Re: Creating/Solving a cumulative distribution function?
- To: mathgroup at smc.vnet.net
- Subject: [mg41787] Re: [mg41768] Creating/Solving a cumulative distribution function?
- From: Bobby Treat <drmajorbob-MathGroup3528 at mailblocks.com>
- Date: Thu, 5 Jun 2003 07:31:30 -0400 (EDT)
- Sender: owner-wri-mathgroup at wolfram.com
g[x_] := (2/Pi)*(1 - Cos[4x ])
gcdf[x_] = Integrate[g[x], {x, 0, x}]
Plot[gcdf[x], {x, 0, Pi/2}]
r = Random[Real, {0, 1}]
FindRoot[gcdf[x] == r, {x, Pi/4}]
Cos and Sin expect arguments in Radians, and this becomes a completely
different problem if you pose it in degrees:
g[x_] := (2/Pi)*(1 - Cos[4x (180/Pi)])
gcdf[x_] = Integrate[g[x], {x, 0, x}]
Plot[gcdf[x], {x, 0, 90}]
r = Random[Real, {0, 1}]
FindRoot[gcdf[x] == r, {x, 45}]
Bobby
-----Original Message-----
From: Jonathan Greenberg <greenberg at ucdavis.edu>
To: mathgroup at smc.vnet.net
Subject: [mg41787] [mg41768] Creating/Solving a cumulative distribution function?

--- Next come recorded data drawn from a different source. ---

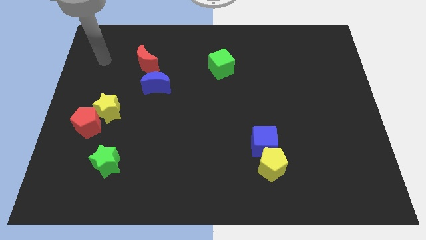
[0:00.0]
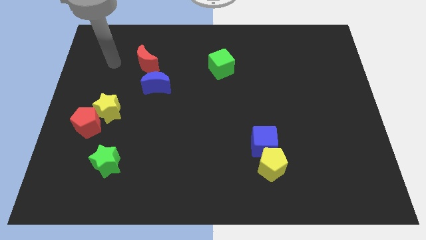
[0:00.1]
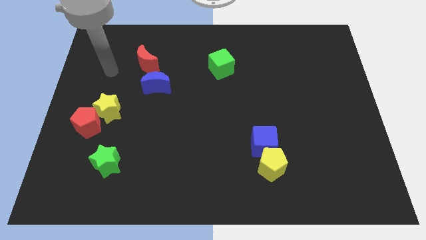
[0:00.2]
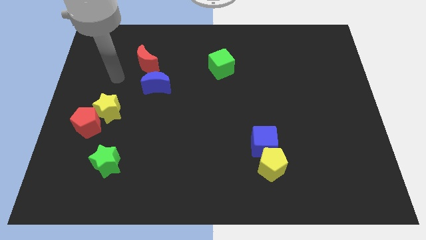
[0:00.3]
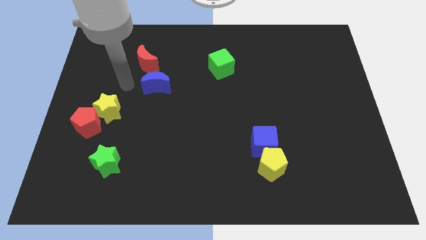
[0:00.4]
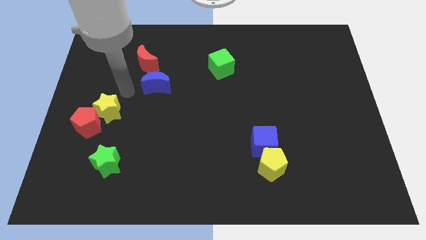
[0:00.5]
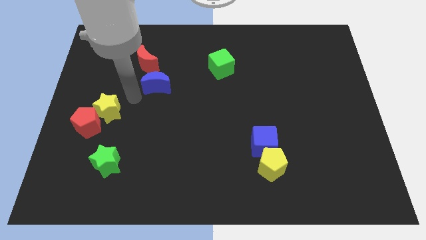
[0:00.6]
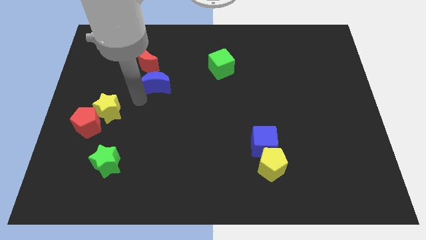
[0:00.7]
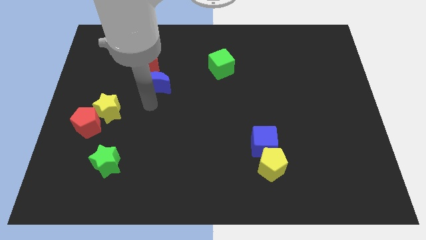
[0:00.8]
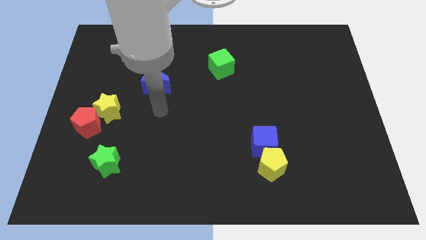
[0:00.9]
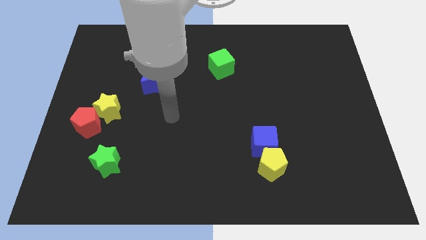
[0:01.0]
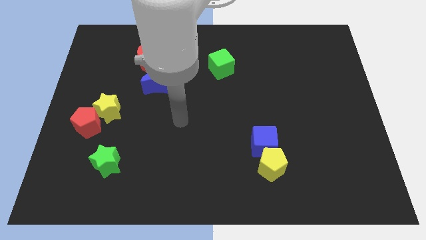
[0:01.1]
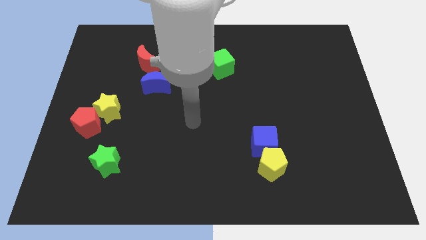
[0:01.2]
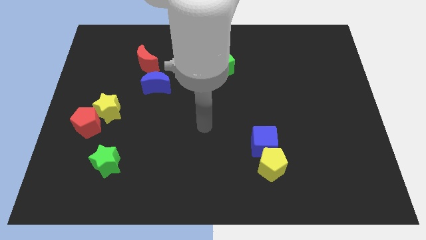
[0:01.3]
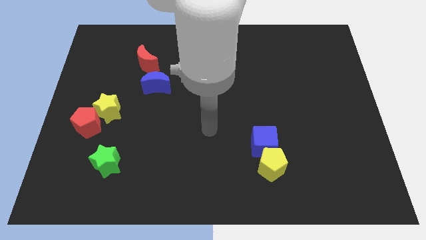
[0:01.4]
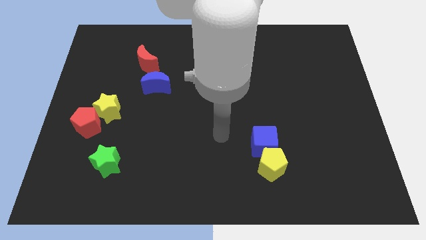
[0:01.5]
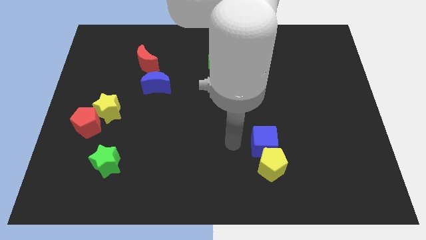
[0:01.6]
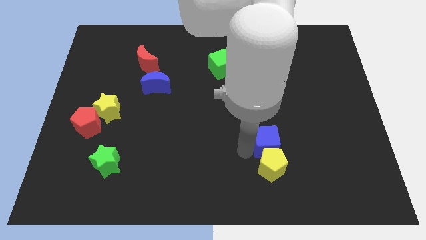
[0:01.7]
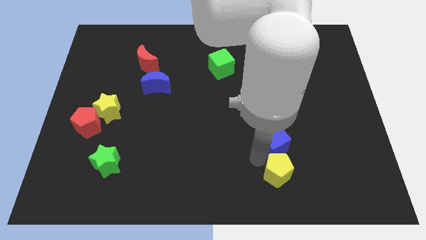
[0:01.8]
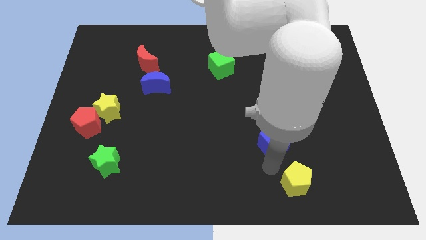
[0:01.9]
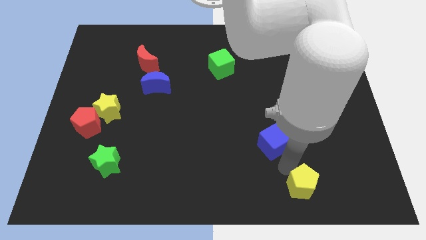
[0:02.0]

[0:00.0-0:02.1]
separate the blue cube from the yellow pentagon

Hi there, I was hoping one of you could help me out with a CDF problem
I'm having. I have a PDF: g[x_]:=(2/Pi)*(1-Cos[4x]) where x ranges from
0 Degree to 90 Degree I understand the basic idea of a CDF, that I can
integrate from 0 to some arbitary value (y) between (0,90) to get the
cumulative probability:
gcdf[x_]:=Evaluate[Integrate[g[x],{x,0Degree,x}] I'd like to Solve for
x, given: gcdf[x]==Random[Real,0,1] where 0Degree>=x>=90Degree
Solve, NSolve and FindRoot don't appear to be working correctly -- can
someone give me a hand solving this equation? --j